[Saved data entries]

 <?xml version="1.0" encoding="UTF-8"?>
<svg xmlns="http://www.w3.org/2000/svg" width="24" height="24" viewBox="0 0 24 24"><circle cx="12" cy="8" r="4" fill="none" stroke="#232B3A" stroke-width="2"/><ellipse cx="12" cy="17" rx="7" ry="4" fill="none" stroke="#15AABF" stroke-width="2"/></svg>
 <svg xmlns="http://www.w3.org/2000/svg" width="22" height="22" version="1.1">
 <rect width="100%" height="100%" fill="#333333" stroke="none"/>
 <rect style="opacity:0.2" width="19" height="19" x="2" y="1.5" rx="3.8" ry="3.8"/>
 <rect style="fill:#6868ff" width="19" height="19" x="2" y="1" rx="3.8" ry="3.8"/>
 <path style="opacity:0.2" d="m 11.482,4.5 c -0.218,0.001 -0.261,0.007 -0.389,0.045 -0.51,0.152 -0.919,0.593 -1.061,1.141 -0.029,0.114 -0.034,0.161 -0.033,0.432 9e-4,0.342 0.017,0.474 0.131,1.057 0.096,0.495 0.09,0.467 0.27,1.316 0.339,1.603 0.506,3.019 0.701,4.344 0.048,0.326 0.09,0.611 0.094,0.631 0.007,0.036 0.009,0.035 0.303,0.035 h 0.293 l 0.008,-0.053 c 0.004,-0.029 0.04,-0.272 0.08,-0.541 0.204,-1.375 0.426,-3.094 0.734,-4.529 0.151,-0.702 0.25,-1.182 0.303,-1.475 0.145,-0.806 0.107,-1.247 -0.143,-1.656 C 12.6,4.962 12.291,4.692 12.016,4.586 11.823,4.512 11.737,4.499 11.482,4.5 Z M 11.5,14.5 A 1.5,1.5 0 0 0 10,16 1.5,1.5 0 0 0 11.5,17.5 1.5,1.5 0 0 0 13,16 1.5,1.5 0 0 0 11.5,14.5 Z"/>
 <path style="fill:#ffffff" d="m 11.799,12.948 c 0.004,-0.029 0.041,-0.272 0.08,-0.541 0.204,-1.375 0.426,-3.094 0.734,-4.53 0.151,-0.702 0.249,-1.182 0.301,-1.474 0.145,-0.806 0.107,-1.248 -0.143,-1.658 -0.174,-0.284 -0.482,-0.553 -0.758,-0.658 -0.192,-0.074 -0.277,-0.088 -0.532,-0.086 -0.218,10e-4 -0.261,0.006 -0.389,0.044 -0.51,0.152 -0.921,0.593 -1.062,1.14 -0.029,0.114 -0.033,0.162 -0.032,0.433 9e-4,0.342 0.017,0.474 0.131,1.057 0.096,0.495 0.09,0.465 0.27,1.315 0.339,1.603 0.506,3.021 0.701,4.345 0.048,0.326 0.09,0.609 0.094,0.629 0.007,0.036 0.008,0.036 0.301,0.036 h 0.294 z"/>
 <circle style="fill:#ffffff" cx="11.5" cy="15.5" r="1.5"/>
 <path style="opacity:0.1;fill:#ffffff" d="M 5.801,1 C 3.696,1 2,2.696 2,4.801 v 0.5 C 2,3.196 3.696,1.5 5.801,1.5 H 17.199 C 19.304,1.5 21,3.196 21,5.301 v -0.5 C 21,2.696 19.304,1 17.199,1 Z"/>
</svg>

## Assignment
Give again each line shown above, keeping every word as it is.

## The completed task
 <?xml version="1.0" encoding="UTF-8"?>
<svg xmlns="http://www.w3.org/2000/svg" width="24" height="24" viewBox="0 0 24 24"><circle cx="12" cy="8" r="4" fill="none" stroke="#232B3A" stroke-width="2"/><ellipse cx="12" cy="17" rx="7" ry="4" fill="none" stroke="#15AABF" stroke-width="2"/></svg>
 <svg xmlns="http://www.w3.org/2000/svg" width="22" height="22" version="1.1">
 <rect width="100%" height="100%" fill="#333333" stroke="none"/>
 <rect style="opacity:0.2" width="19" height="19" x="2" y="1.5" rx="3.8" ry="3.8"/>
 <rect style="fill:#6868ff" width="19" height="19" x="2" y="1" rx="3.8" ry="3.8"/>
 <path style="opacity:0.2" d="m 11.482,4.5 c -0.218,0.001 -0.261,0.007 -0.389,0.045 -0.51,0.152 -0.919,0.593 -1.061,1.141 -0.029,0.114 -0.034,0.161 -0.033,0.432 9e-4,0.342 0.017,0.474 0.131,1.057 0.096,0.495 0.09,0.467 0.27,1.316 0.339,1.603 0.506,3.019 0.701,4.344 0.048,0.326 0.09,0.611 0.094,0.631 0.007,0.036 0.009,0.035 0.303,0.035 h 0.293 l 0.008,-0.053 c 0.004,-0.029 0.04,-0.272 0.08,-0.541 0.204,-1.375 0.426,-3.094 0.734,-4.529 0.151,-0.702 0.25,-1.182 0.303,-1.475 0.145,-0.806 0.107,-1.247 -0.143,-1.656 C 12.6,4.962 12.291,4.692 12.016,4.586 11.823,4.512 11.737,4.499 11.482,4.5 Z M 11.5,14.5 A 1.5,1.5 0 0 0 10,16 1.5,1.5 0 0 0 11.5,17.5 1.5,1.5 0 0 0 13,16 1.5,1.5 0 0 0 11.5,14.5 Z"/>
 <path style="fill:#ffffff" d="m 11.799,12.948 c 0.004,-0.029 0.041,-0.272 0.08,-0.541 0.204,-1.375 0.426,-3.094 0.734,-4.53 0.151,-0.702 0.249,-1.182 0.301,-1.474 0.145,-0.806 0.107,-1.248 -0.143,-1.658 -0.174,-0.284 -0.482,-0.553 -0.758,-0.658 -0.192,-0.074 -0.277,-0.088 -0.532,-0.086 -0.218,10e-4 -0.261,0.006 -0.389,0.044 -0.51,0.152 -0.921,0.593 -1.062,1.14 -0.029,0.114 -0.033,0.162 -0.032,0.433 9e-4,0.342 0.017,0.474 0.131,1.057 0.096,0.495 0.09,0.465 0.27,1.315 0.339,1.603 0.506,3.021 0.701,4.345 0.048,0.326 0.09,0.609 0.094,0.629 0.007,0.036 0.008,0.036 0.301,0.036 h 0.294 z"/>
 <circle style="fill:#ffffff" cx="11.5" cy="15.5" r="1.5"/>
 <path style="opacity:0.1;fill:#ffffff" d="M 5.801,1 C 3.696,1 2,2.696 2,4.801 v 0.5 C 2,3.196 3.696,1.5 5.801,1.5 H 17.199 C 19.304,1.5 21,3.196 21,5.301 v -0.5 C 21,2.696 19.304,1 17.199,1 Z"/>
</svg>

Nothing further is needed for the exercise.